= Río Murta (volcano) =

Volcano in Chile

Río Murta is a volcano in Chile.

The volcano consists of a complex of lava flows along the valleys of the Río Murta. These flows display columnar joints, lava tubes and pillow lavas, and have volumes of less than 1 km3. These landforms along with the presence of palagonite indicate that the eruptions happened beneath glaciers.

Volcanic activity in the region is in part influenced by the Chile Triple Junction, the point where the Chile Rise is subducted into the Peru-Chile Trench. This point forms a gap in the Andean Volcanic Belt, with Southern Volcanic Zone volcanism north of the gap generated by the fast subduction of the older and colder Nazca Plate beneath the South America Plate and Austral Volcanic Zone volcanism south of the gap formed by the slow subduction of the younger and warmer Antarctic Plate. In between these two subduction processes, a slab window opened up and allowed the rise of alkali basalt magmas.

Río Murta rocks are basalts with a low content of potassium. They contain phenocrysts of clinopyroxene, olivine and plagioclase. The chemical composition is unlike that of other regional basaltic volcanoes, and reflects the influence of oceanic asthenosphere.

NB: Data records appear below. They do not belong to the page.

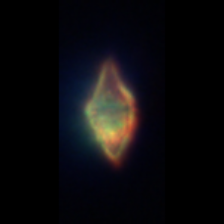
Taxon: Gyrodinium
Group: Dinoflagellates
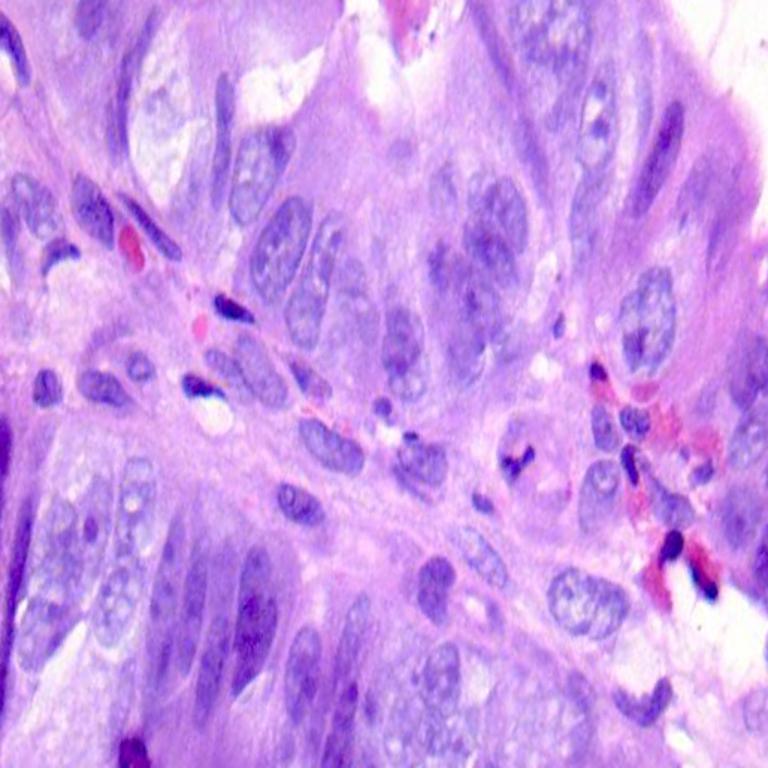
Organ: colon
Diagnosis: adenocarcinomas
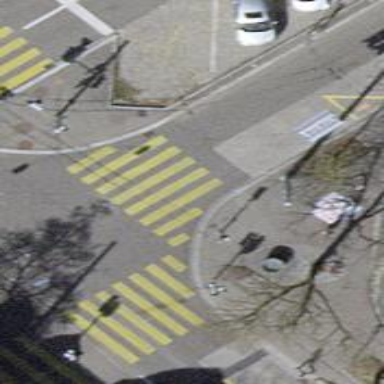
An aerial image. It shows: Zebra crossing controlled by traffic signals.
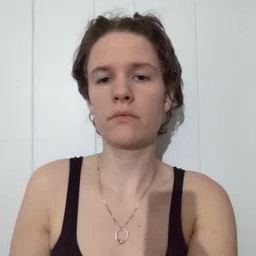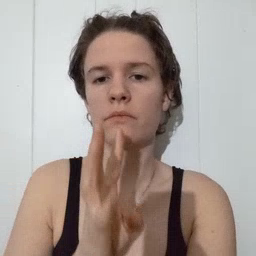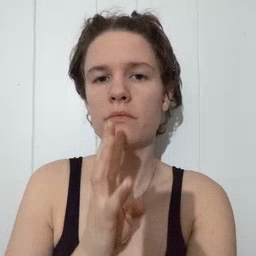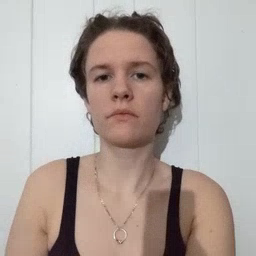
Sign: talk
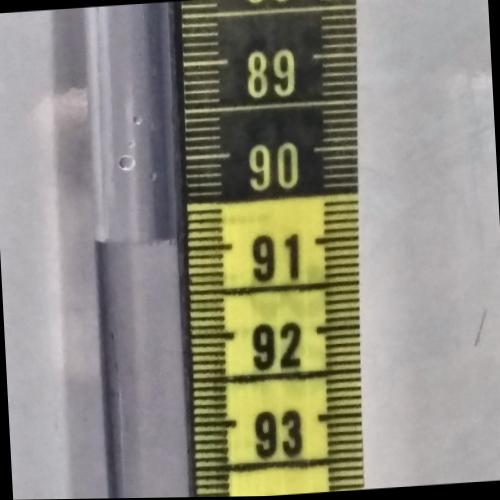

The basement in the region is formed by various Paleozoic to Mesozoic sediments and volcanic rocks. The plutons of the Northern Patagonian Batholith were intruded into this basement and may have an origin in the subduction of the Nazca Plate-Farallon Plate.

The age of these flows is controversial. Potassium-argon dating has yielded ages of 900,000 - 850,000 years before present, some flows are too young to date and the relatively well conserved appearance suggest a Holocene age. 40 km northwest of Río Murta lies Cerro Hudson, an active arc volcano.